> Task brief
From the first line of the listing below through the line with "human: [s2_rgb_10]", transcribe exactly and skip the pictures.

> Exercise material
────────────────────

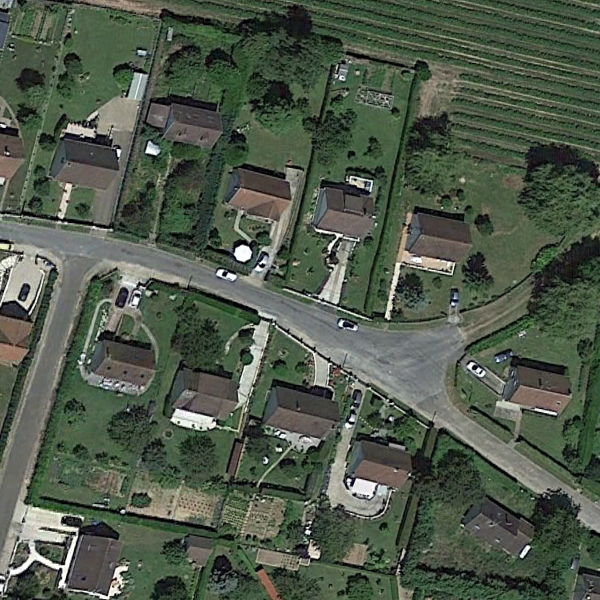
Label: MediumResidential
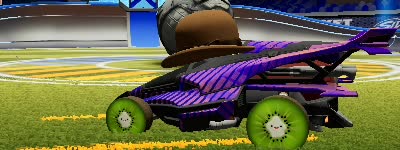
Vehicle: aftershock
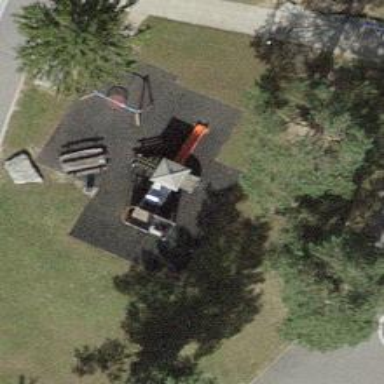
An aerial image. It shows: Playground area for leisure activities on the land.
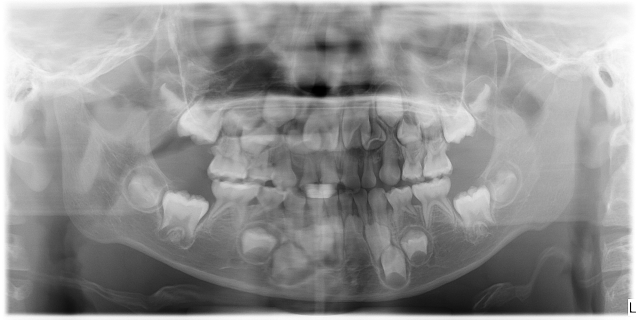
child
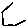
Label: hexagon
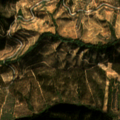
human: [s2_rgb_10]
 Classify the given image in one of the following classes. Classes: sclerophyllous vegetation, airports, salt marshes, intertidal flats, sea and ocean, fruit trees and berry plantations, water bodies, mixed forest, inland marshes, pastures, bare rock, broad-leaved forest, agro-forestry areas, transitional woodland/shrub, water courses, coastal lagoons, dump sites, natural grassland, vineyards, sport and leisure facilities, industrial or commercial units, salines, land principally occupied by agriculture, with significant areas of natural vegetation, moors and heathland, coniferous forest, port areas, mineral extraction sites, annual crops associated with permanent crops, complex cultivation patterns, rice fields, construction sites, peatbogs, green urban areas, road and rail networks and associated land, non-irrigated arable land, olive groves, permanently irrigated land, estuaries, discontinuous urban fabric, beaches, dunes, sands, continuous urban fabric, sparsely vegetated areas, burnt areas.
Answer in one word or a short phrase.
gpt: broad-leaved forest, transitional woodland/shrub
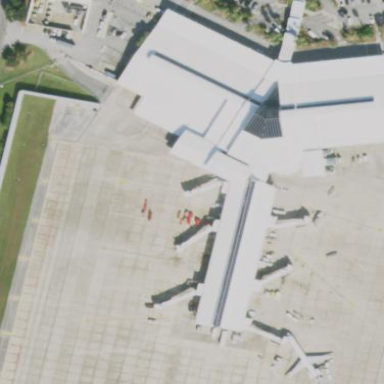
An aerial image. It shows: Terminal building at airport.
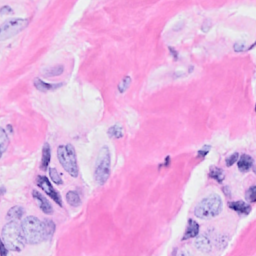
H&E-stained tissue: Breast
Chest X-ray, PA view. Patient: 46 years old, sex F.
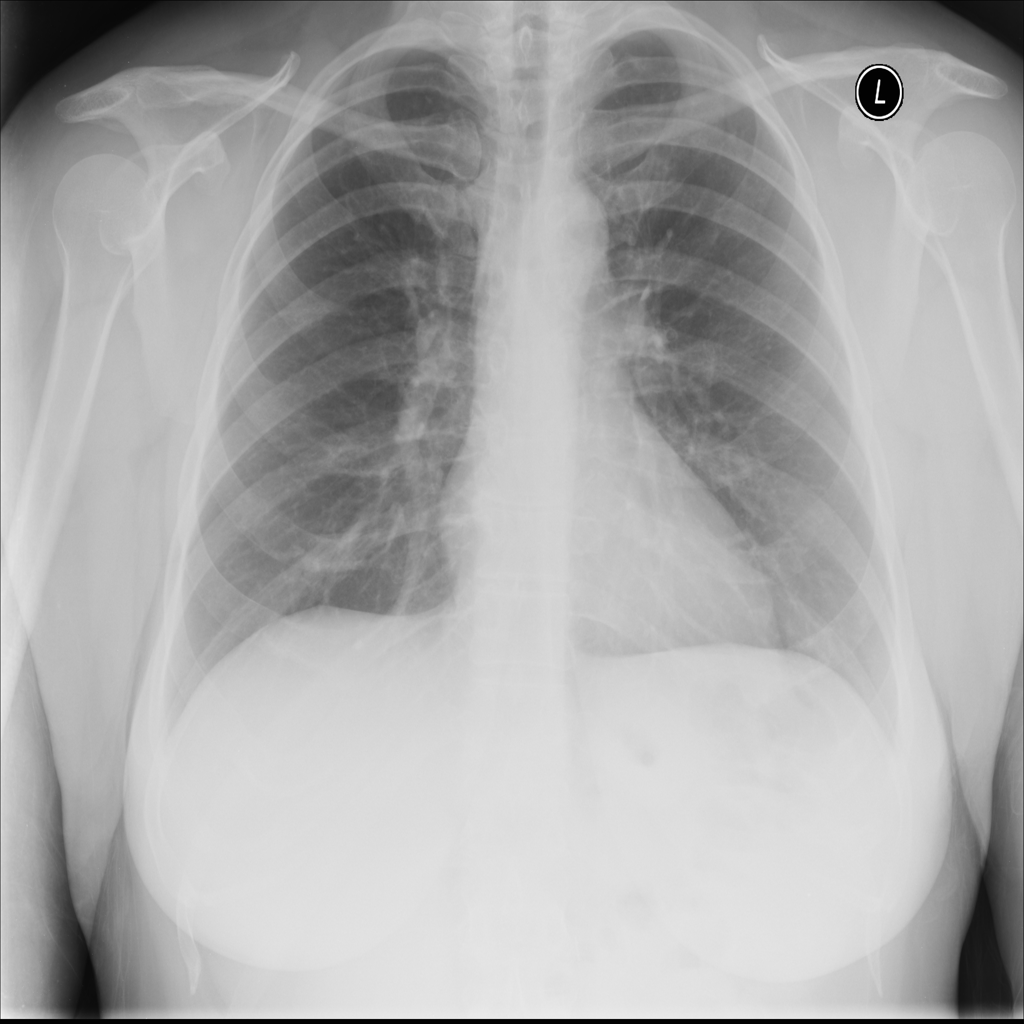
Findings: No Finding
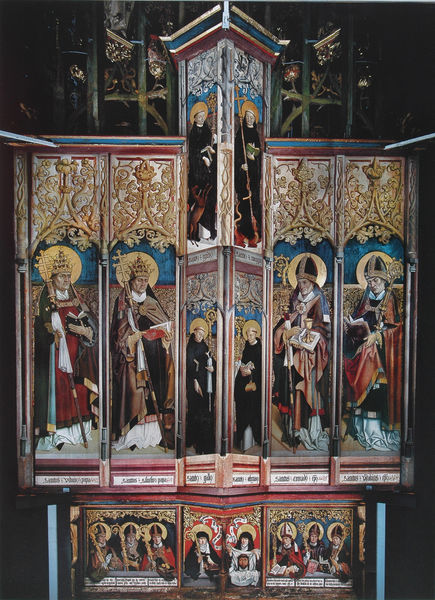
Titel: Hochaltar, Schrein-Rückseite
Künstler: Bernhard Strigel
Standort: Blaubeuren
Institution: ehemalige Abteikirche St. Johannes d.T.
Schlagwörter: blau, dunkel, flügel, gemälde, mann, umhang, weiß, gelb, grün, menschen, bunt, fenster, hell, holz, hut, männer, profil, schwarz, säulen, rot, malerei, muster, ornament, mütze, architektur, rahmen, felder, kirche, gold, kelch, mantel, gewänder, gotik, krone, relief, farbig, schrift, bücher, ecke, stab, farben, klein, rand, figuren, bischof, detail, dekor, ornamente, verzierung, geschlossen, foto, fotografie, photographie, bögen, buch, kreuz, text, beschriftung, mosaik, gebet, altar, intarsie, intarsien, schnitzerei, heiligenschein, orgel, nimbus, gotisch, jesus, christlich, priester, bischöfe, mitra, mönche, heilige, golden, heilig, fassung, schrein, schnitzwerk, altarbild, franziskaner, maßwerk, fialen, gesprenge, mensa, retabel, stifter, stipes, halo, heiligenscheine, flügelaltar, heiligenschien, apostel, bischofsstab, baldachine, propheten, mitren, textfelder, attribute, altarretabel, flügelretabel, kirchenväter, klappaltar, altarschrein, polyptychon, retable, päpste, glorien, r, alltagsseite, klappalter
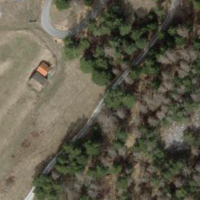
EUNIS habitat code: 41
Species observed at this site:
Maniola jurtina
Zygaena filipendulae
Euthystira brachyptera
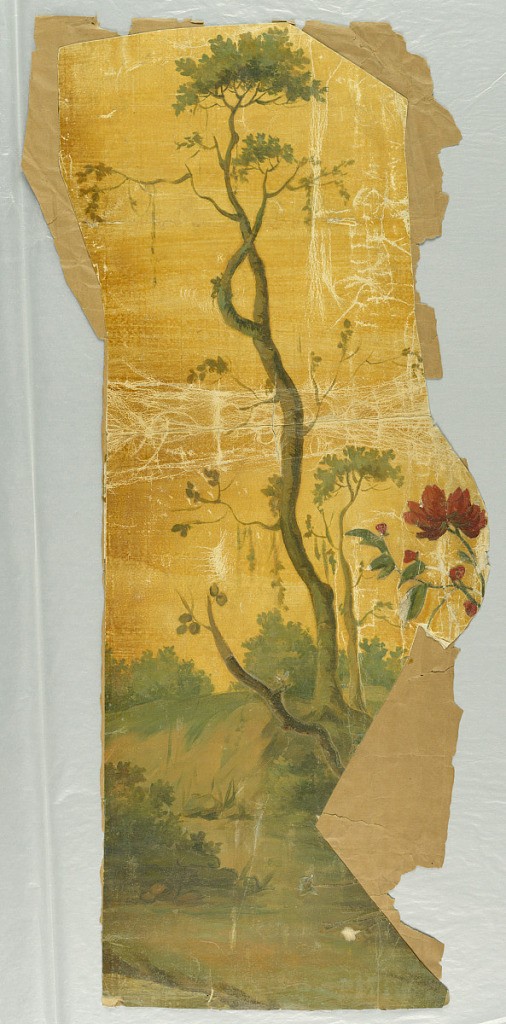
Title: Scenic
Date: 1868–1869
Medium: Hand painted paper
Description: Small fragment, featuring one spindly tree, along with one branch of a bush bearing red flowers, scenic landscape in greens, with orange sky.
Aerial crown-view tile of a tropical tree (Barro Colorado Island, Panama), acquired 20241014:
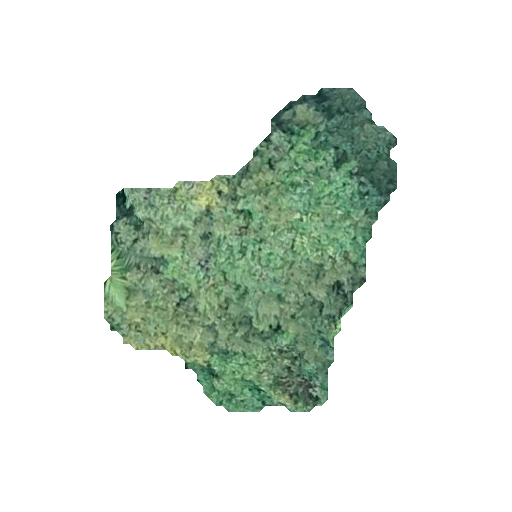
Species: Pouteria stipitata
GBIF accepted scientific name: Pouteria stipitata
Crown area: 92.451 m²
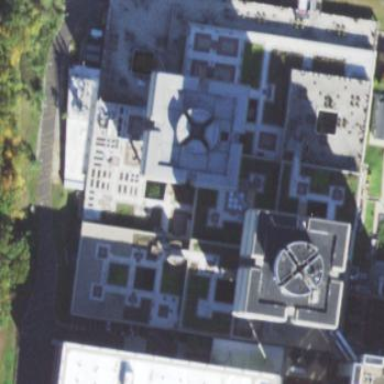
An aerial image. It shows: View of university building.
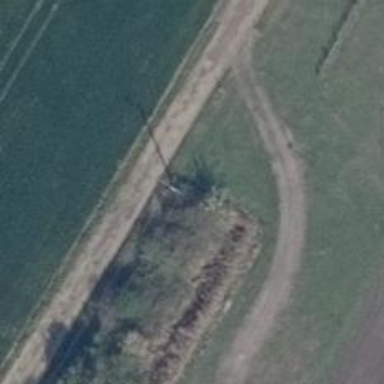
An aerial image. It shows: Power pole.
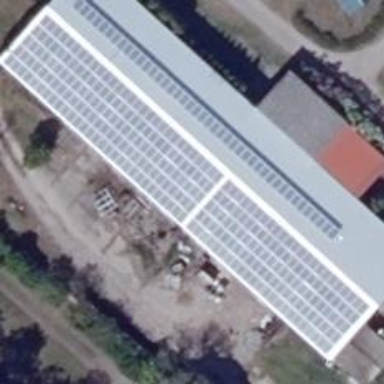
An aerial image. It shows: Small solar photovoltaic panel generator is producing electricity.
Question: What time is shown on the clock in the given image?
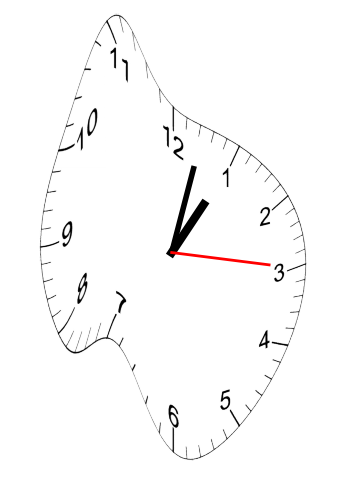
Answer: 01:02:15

────────────────────

> Task result
Label: MediumResidential
Vehicle: aftershock
An aerial image. It shows: Playground area for leisure activities on the land.
child
Label: hexagon
human: [s2_rgb_10]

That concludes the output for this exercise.